• [Action item]: Every line of the listing is returned unchanged, and every picture is dropped.
▽
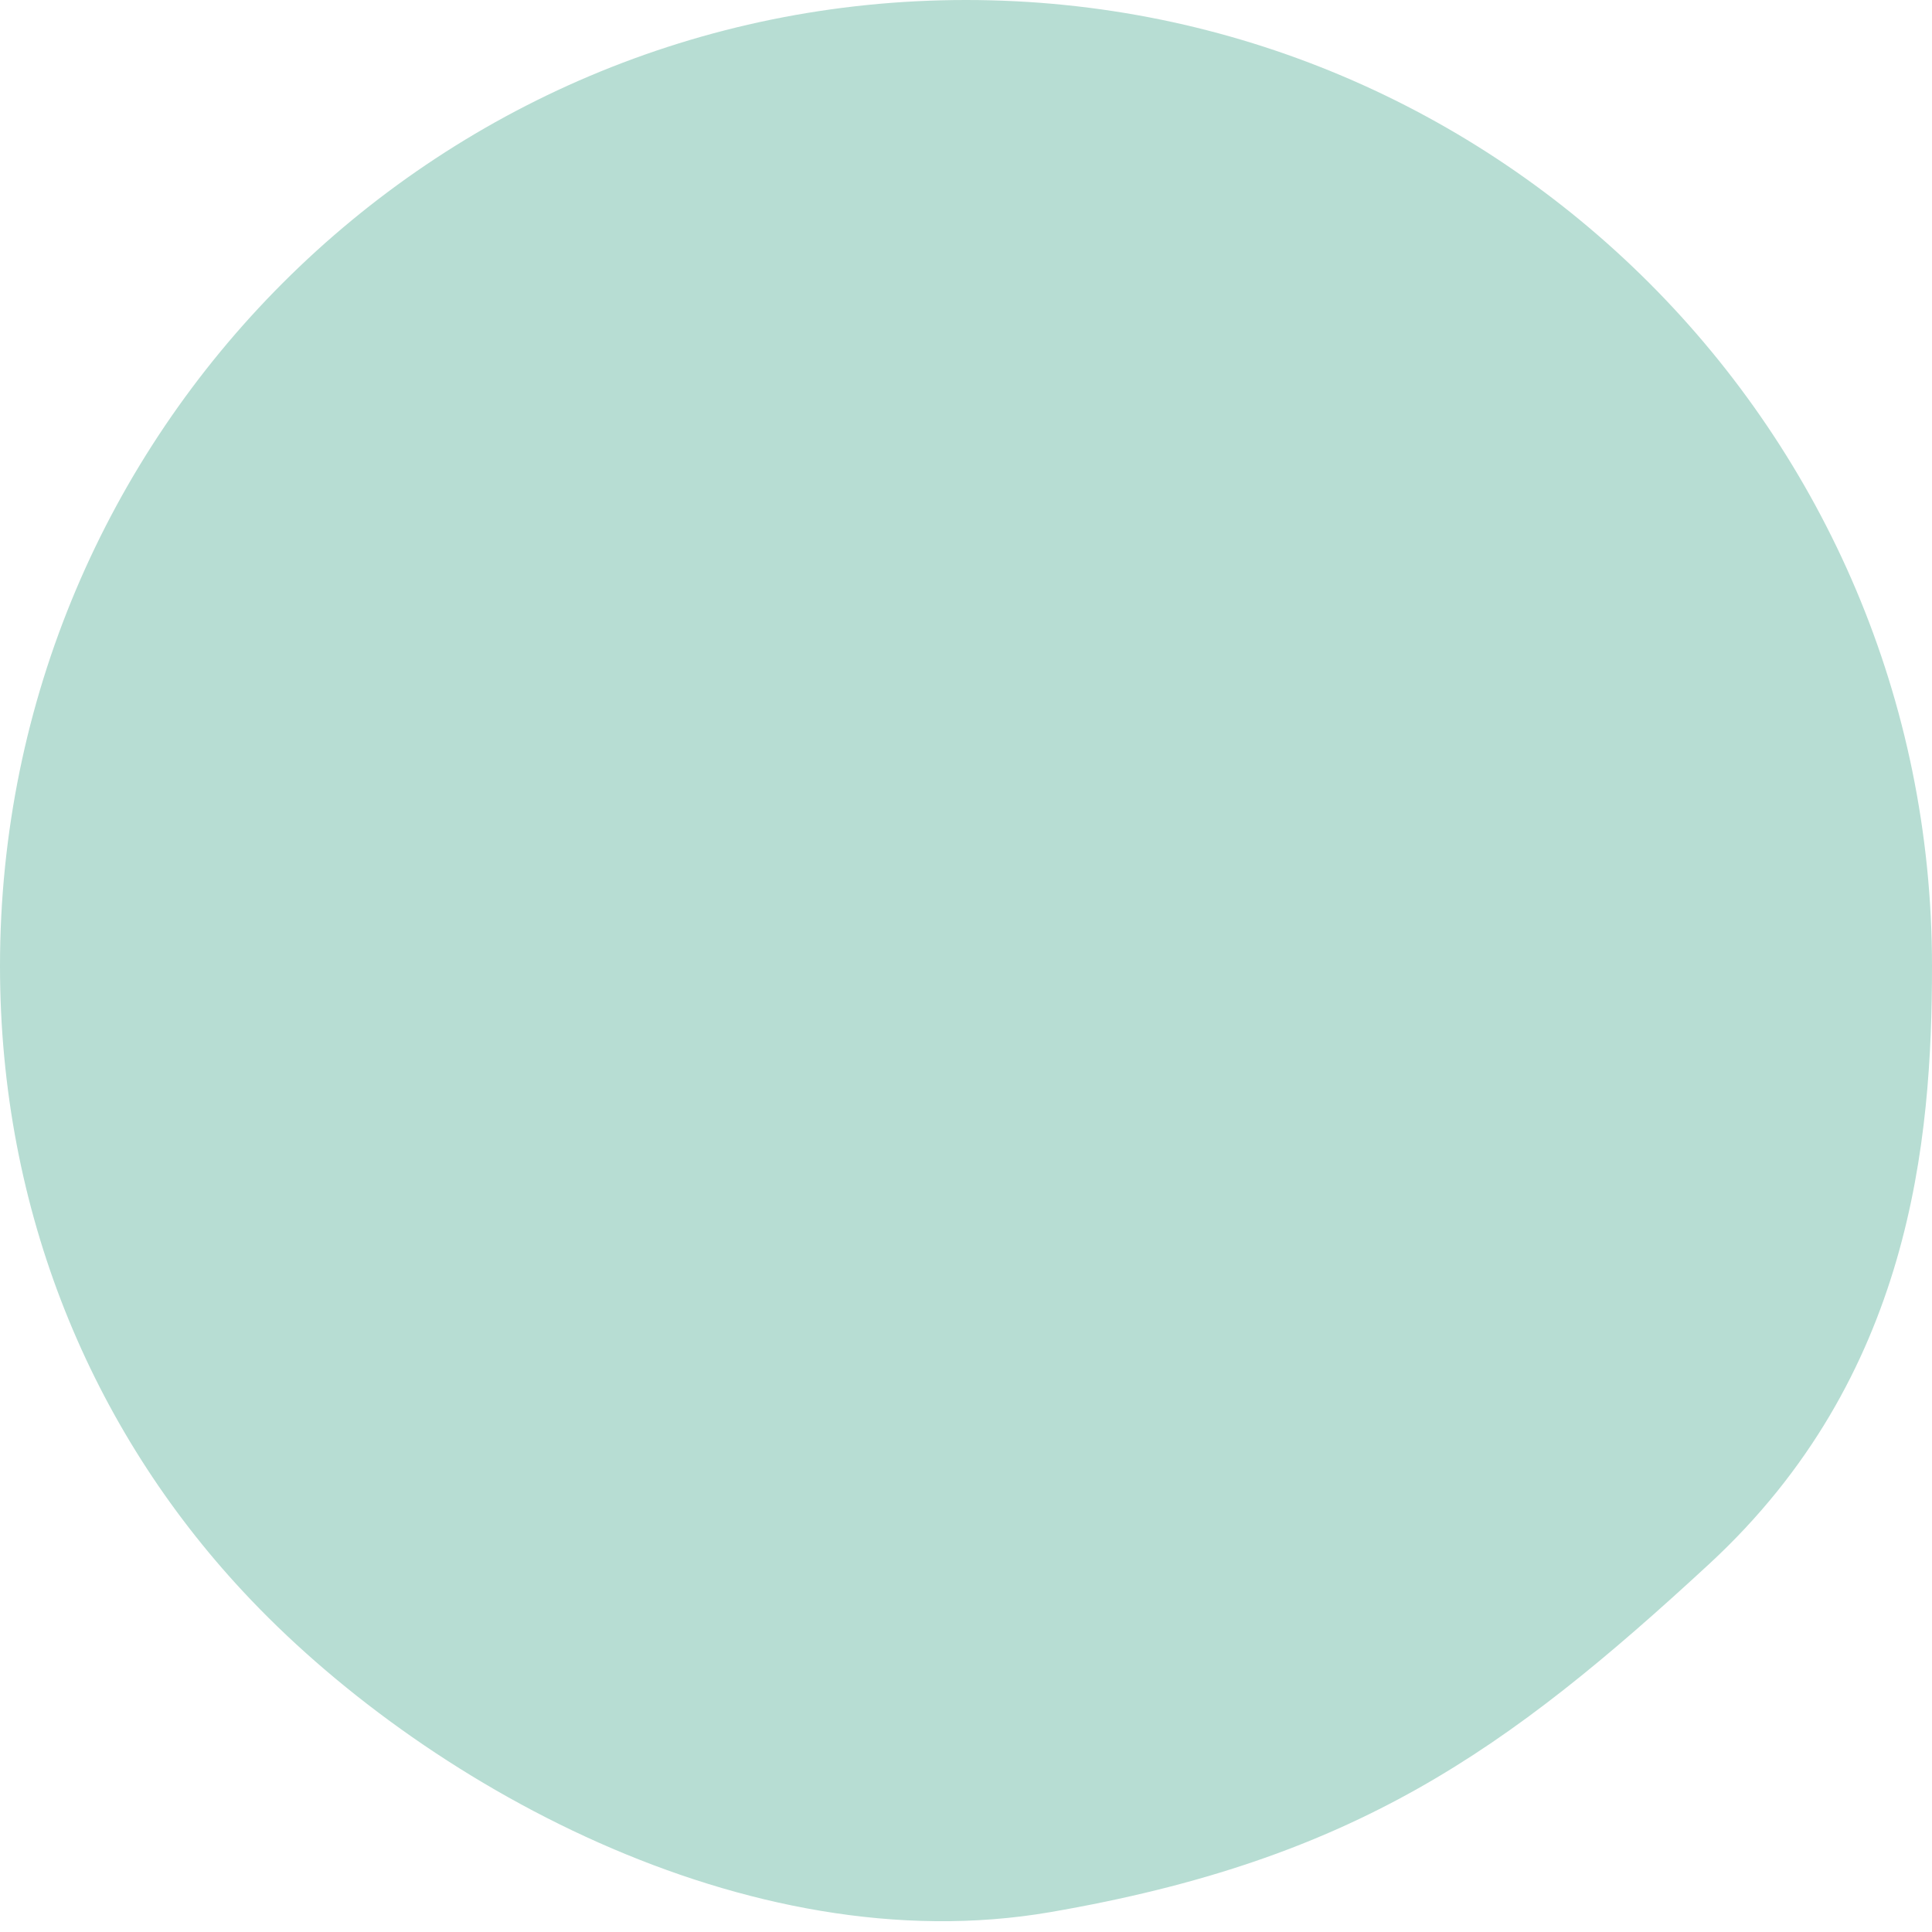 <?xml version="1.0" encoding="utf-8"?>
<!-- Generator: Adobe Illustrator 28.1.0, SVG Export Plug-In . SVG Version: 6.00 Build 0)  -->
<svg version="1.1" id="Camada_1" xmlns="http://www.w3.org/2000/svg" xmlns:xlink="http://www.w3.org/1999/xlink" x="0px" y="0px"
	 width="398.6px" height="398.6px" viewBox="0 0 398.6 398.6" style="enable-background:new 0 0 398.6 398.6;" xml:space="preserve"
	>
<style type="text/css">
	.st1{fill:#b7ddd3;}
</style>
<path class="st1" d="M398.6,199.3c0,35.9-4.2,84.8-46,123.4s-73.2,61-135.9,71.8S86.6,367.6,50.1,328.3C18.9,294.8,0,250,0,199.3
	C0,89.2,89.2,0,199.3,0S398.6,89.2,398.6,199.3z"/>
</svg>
△
• [Response area]:
 <?xml version="1.0" encoding="utf-8"?>
<!-- Generator: Adobe Illustrator 28.1.0, SVG Export Plug-In . SVG Version: 6.00 Build 0)  -->
<svg version="1.1" id="Camada_1" xmlns="http://www.w3.org/2000/svg" xmlns:xlink="http://www.w3.org/1999/xlink" x="0px" y="0px"
	 width="398.6px" height="398.6px" viewBox="0 0 398.6 398.6" style="enable-background:new 0 0 398.6 398.6;" xml:space="preserve"
	>
<style type="text/css">
	.st1{fill:#b7ddd3;}
</style>
<path class="st1" d="M398.6,199.3c0,35.9-4.2,84.8-46,123.4s-73.2,61-135.9,71.8S86.6,367.6,50.1,328.3C18.9,294.8,0,250,0,199.3
	C0,89.2,89.2,0,199.3,0S398.6,89.2,398.6,199.3z"/>
</svg>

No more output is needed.